In order to present ourselves on a limited sized canvass, allow us the following metaphor that might
project a more synchronous trajectory that collectively best represents our standpoint. The metaphor
begins with our name unfurling it on a space built with conceptual elements, by now, abundantly familiar both in
Eastern and Western cultures. |
A PEETH is a consecrated place in a Tantric tradition where the primal energy (the goddess Shakti) is most profusely manifest. A manifestation is possible only when there is a witness (the eternal Purusha, the Bhairava) to observe, feel, and realize (without thought) the unconditional and uncaused movement of Prakriti (the dynamics: the interplay between the Ida and the Pingala nerve channels). Therefore, a peeth is an emergent confluence of the two: Purusha, the eternal witness and Prakriti, the dynamic interplay of the Ida and the Pingala nerve channels, the pair-complements Yang and Yin in the conscious witness of emergent sushumna,.
A peeth is, therefore, a place to realize in the attention of the eternal witness; it is thus a place consecrated to Mother Saraswati,
Mahakali as Ma Sarada (facilitator of awareness in which realization ensues in and as Mother’s grace) in
the presence of Shiva, the dissolver of space and time.
A GURUKUL is a residential school where students (the aspirants, the adepts, the acolytes) and the teacher (the guru, the remover of darkness) live in proximity. A guru is the remover of darkness and, therefore, it is finally the very SELF in each one of us. We reside in a “gurukul” when we are in awareness, when we MOVE in AWARENESS (we are with MA). Thus, a “gurukul” is always a “peeth” blessed with the grace of immeasurable; it is both an acknowledgment and a celebration of LIFE in its own dynamics, a movement of Mukta Triveni (flows of Ida, Pingala and Sushumna, all in awareness) towards Sahasrara, the crown chakra where the three streams meet without leaving any residue of fragmentation in the unitary whole.

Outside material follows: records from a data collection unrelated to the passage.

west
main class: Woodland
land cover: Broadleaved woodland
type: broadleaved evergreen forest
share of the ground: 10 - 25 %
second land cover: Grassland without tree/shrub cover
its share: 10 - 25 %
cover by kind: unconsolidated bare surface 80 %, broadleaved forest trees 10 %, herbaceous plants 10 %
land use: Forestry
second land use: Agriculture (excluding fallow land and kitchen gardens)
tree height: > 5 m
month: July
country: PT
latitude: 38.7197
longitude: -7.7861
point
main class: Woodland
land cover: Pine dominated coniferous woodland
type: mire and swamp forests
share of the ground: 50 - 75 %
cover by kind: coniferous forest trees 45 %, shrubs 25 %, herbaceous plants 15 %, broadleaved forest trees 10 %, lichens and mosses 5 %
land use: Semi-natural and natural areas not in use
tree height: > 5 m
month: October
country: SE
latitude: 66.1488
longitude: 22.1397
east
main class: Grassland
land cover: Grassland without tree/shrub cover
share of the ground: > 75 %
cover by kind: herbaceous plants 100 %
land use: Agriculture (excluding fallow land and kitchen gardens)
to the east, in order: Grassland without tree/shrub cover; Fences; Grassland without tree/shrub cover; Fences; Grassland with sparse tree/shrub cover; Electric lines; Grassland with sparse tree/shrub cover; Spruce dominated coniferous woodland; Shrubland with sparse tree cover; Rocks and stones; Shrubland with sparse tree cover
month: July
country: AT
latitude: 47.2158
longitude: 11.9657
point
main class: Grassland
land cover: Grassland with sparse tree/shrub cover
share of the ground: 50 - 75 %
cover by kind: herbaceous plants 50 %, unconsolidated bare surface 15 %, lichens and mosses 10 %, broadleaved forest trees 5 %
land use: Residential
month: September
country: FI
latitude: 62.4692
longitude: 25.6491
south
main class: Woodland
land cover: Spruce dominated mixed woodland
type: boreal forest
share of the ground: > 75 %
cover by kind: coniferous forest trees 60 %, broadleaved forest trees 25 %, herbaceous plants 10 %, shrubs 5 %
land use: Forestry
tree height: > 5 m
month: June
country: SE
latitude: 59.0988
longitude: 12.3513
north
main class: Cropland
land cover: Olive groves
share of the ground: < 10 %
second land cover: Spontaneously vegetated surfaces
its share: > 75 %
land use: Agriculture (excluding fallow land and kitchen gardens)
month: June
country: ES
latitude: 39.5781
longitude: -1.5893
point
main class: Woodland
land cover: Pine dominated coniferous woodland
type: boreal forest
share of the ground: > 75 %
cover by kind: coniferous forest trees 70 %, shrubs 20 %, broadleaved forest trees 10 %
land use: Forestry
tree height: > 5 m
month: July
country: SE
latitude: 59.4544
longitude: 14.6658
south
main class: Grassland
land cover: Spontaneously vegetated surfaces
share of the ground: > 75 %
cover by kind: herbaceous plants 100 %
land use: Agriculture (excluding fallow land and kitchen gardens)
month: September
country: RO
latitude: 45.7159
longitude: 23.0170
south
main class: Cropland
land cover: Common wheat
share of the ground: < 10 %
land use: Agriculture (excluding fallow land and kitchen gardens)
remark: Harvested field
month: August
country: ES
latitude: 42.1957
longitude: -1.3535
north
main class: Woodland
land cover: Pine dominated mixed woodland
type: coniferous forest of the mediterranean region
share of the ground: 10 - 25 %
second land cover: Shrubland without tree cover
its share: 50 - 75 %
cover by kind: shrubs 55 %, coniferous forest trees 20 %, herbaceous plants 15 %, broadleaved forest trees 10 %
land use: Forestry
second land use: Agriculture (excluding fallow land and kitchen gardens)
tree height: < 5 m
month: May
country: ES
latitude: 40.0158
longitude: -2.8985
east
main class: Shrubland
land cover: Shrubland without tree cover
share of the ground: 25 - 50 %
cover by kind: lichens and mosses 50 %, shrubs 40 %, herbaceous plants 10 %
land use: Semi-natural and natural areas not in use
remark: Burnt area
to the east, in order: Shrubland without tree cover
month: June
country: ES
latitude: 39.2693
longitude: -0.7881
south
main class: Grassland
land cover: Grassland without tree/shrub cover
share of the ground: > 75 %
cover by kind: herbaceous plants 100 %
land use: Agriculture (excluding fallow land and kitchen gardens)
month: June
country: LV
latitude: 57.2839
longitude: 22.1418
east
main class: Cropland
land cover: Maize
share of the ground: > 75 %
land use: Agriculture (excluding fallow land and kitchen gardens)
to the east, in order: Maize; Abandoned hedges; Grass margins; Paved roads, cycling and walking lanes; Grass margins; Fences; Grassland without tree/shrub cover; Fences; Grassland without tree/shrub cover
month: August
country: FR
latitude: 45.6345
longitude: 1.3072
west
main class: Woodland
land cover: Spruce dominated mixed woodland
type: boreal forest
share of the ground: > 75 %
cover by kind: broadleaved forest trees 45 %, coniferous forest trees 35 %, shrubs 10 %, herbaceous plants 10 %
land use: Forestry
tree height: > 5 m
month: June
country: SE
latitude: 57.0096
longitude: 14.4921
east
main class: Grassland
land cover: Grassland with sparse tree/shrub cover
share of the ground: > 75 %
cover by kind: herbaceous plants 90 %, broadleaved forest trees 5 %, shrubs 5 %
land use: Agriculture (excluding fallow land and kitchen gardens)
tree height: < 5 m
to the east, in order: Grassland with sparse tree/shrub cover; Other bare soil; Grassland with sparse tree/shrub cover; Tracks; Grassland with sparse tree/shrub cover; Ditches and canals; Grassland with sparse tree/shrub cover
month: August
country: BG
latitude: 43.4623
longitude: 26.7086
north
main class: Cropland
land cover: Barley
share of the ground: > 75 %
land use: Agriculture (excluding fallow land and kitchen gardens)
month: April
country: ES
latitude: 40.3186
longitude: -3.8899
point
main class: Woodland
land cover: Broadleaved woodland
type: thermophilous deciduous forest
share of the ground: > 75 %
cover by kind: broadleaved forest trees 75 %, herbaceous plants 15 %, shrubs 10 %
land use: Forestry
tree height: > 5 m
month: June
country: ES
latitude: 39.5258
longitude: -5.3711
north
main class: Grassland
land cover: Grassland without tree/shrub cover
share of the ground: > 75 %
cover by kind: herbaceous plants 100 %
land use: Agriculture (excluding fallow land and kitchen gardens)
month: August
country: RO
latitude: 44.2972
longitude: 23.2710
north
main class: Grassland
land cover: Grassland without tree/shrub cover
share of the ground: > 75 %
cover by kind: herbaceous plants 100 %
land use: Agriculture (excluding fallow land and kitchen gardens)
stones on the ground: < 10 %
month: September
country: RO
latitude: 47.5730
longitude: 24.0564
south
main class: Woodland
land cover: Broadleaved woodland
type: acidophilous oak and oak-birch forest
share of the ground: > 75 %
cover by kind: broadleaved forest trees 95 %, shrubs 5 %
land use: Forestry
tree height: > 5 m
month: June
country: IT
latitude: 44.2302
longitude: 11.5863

In that there is nothing but EXISTENCE, the WHOLE without fragmentation, without measure, without the duality, the HOLY.
|Sri Ramakrishna Saradapeeth Kanya Gurukul, is, therefore, a residential school and a monastic order for women who join us as brahmacharinis (acolytes) and learn (as emergent consciousness in awareness) through LIFE via its usual slate of concords and discords moving towards the state of Paribrajika (the sannyasini, the renouncer, the eternal wanderer) whence the real adventure of life-time proceeds in attention. In the tantric connotation, this adventure is the movement of the primordial force in attentive awareness through the various chakras towards the Sahasrara, the sanctum sanctorum, the unalloyed undifferentiated Existence. On the physical plane the various chakras are but the projections of our own ashram realized and manifest at different levels of consciousness. For instance, in the "Muladhara", the base state, the acolyte is rooted in the ashram environment as Swami Sharvananda had it bequeathed to them in the loving, joyous spiritual presence of Sri Ramakrishana, Sri Sarada Ma and of their two children Swami Vivekananda and Brahmananda Maharaj in this new order through service and enquiry.|
Although, the residential school formally accepts only non-householders as adepts, the householders may also join
us imbibed in the gurukul’s spirit to proceed in their journey towards Self-realization. Thus, our gurukul, like a
banyan tree, is firmly rooted beyond its nominal local periphery throughout the world. This gurukul has an
open-door policy; it invites women of all faiths, inclination, culture and nationality in its journey.
Our gurukul is a bimodal expression with the ashram in its epicenter and a formal girl’s school under its wings. The school which is partly residential provides traditional non-parochial education all the way up to Higher Secondary level serving both the local population and girls from afar embracing the finest of technology and the traditional programs with accents on arts and literature. The school and the ashram complement each other in a symbiotic set up; the school offers a valuable pedagogic training ground to the ashram adepts and the ashram, in turn, accords priceless examples of living and mentorship to the school children providing a rare window to learning beyond books and conventional wisdom.